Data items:
■ ■ ■ ■ ■
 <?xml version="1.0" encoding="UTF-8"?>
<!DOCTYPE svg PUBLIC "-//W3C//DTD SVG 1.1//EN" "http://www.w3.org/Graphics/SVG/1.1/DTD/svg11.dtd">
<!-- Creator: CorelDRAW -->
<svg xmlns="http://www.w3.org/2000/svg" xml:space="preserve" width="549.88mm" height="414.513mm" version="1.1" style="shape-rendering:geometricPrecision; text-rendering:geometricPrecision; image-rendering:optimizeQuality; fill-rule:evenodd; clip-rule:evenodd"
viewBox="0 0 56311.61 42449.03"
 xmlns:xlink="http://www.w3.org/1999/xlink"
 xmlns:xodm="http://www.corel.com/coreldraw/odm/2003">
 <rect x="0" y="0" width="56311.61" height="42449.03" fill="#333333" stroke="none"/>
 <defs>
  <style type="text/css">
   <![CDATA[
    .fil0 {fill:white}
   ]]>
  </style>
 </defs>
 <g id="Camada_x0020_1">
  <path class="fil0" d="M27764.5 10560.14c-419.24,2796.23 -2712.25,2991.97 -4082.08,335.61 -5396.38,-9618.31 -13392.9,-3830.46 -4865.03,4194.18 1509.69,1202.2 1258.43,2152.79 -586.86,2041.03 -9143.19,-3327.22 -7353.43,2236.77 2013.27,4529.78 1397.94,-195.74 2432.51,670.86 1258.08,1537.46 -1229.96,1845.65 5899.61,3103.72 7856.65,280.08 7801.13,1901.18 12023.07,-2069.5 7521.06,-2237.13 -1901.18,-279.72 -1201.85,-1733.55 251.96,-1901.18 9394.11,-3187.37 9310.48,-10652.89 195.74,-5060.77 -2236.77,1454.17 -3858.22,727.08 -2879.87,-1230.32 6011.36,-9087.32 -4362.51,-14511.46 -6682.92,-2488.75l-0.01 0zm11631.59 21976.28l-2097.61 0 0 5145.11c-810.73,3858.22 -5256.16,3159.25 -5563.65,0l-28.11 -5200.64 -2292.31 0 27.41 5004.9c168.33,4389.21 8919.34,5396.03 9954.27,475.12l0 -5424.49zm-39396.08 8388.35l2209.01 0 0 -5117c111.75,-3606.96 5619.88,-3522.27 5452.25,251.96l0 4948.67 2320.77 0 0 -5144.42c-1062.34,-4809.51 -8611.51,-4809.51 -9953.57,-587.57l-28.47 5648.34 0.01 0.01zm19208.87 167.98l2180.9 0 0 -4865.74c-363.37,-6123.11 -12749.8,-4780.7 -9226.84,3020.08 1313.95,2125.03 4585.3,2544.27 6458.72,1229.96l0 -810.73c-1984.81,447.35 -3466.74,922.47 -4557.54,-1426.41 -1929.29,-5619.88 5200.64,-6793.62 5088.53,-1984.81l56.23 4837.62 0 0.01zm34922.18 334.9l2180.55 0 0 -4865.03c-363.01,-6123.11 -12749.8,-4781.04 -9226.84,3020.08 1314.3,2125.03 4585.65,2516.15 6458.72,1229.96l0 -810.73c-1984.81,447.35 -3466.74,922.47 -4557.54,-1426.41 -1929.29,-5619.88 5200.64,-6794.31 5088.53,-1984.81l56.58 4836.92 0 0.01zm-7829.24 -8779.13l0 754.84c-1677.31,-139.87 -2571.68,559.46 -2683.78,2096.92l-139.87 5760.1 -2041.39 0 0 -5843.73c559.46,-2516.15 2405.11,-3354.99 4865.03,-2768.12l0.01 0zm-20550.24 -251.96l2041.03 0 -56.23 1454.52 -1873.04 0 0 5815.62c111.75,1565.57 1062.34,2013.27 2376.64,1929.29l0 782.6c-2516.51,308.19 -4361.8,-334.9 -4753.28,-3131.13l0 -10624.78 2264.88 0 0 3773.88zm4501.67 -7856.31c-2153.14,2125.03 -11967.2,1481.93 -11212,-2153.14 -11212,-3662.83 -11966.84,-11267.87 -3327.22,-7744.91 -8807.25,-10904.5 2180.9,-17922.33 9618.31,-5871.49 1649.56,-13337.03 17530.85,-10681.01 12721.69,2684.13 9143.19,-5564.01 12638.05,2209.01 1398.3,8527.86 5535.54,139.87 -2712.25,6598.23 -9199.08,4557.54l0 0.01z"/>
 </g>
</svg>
■ ■ ■ ■ ■
▸ To do:
Retype the entries precisely as they stand.

▸ Output for this task:
 <?xml version="1.0" encoding="UTF-8"?>
<!DOCTYPE svg PUBLIC "-//W3C//DTD SVG 1.1//EN" "http://www.w3.org/Graphics/SVG/1.1/DTD/svg11.dtd">
<!-- Creator: CorelDRAW -->
<svg xmlns="http://www.w3.org/2000/svg" xml:space="preserve" width="549.88mm" height="414.513mm" version="1.1" style="shape-rendering:geometricPrecision; text-rendering:geometricPrecision; image-rendering:optimizeQuality; fill-rule:evenodd; clip-rule:evenodd"
viewBox="0 0 56311.61 42449.03"
 xmlns:xlink="http://www.w3.org/1999/xlink"
 xmlns:xodm="http://www.corel.com/coreldraw/odm/2003">
 <rect x="0" y="0" width="56311.61" height="42449.03" fill="#333333" stroke="none"/>
 <defs>
  <style type="text/css">
   <![CDATA[
    .fil0 {fill:white}
   ]]>
  </style>
 </defs>
 <g id="Camada_x0020_1">
  <path class="fil0" d="M27764.5 10560.14c-419.24,2796.23 -2712.25,2991.97 -4082.08,335.61 -5396.38,-9618.31 -13392.9,-3830.46 -4865.03,4194.18 1509.69,1202.2 1258.43,2152.79 -586.86,2041.03 -9143.19,-3327.22 -7353.43,2236.77 2013.27,4529.78 1397.94,-195.74 2432.51,670.86 1258.08,1537.46 -1229.96,1845.65 5899.61,3103.72 7856.65,280.08 7801.13,1901.18 12023.07,-2069.5 7521.06,-2237.13 -1901.18,-279.72 -1201.85,-1733.55 251.96,-1901.18 9394.11,-3187.37 9310.48,-10652.89 195.74,-5060.77 -2236.77,1454.17 -3858.22,727.08 -2879.87,-1230.32 6011.36,-9087.32 -4362.51,-14511.46 -6682.92,-2488.75l-0.01 0zm11631.59 21976.28l-2097.61 0 0 5145.11c-810.73,3858.22 -5256.16,3159.25 -5563.65,0l-28.11 -5200.64 -2292.31 0 27.41 5004.9c168.33,4389.21 8919.34,5396.03 9954.27,475.12l0 -5424.49zm-39396.08 8388.35l2209.01 0 0 -5117c111.75,-3606.96 5619.88,-3522.27 5452.25,251.96l0 4948.67 2320.77 0 0 -5144.42c-1062.34,-4809.51 -8611.51,-4809.51 -9953.57,-587.57l-28.47 5648.34 0.01 0.01zm19208.87 167.98l2180.9 0 0 -4865.74c-363.37,-6123.11 -12749.8,-4780.7 -9226.84,3020.08 1313.95,2125.03 4585.3,2544.27 6458.72,1229.96l0 -810.73c-1984.81,447.35 -3466.74,922.47 -4557.54,-1426.41 -1929.29,-5619.88 5200.64,-6793.62 5088.53,-1984.81l56.23 4837.62 0 0.01zm34922.18 334.9l2180.55 0 0 -4865.03c-363.01,-6123.11 -12749.8,-4781.04 -9226.84,3020.08 1314.3,2125.03 4585.65,2516.15 6458.72,1229.96l0 -810.73c-1984.81,447.35 -3466.74,922.47 -4557.54,-1426.41 -1929.29,-5619.88 5200.64,-6794.31 5088.53,-1984.81l56.58 4836.92 0 0.01zm-7829.24 -8779.13l0 754.84c-1677.31,-139.87 -2571.68,559.46 -2683.78,2096.92l-139.87 5760.1 -2041.39 0 0 -5843.73c559.46,-2516.15 2405.11,-3354.99 4865.03,-2768.12l0.01 0zm-20550.24 -251.96l2041.03 0 -56.23 1454.52 -1873.04 0 0 5815.62c111.75,1565.57 1062.34,2013.27 2376.64,1929.29l0 782.6c-2516.51,308.19 -4361.8,-334.9 -4753.28,-3131.13l0 -10624.78 2264.88 0 0 3773.88zm4501.67 -7856.31c-2153.14,2125.03 -11967.2,1481.93 -11212,-2153.14 -11212,-3662.83 -11966.84,-11267.87 -3327.22,-7744.91 -8807.25,-10904.5 2180.9,-17922.33 9618.31,-5871.49 1649.56,-13337.03 17530.85,-10681.01 12721.69,2684.13 9143.19,-5564.01 12638.05,2209.01 1398.3,8527.86 5535.54,139.87 -2712.25,6598.23 -9199.08,4557.54l0 0.01z"/>
 </g>
</svg>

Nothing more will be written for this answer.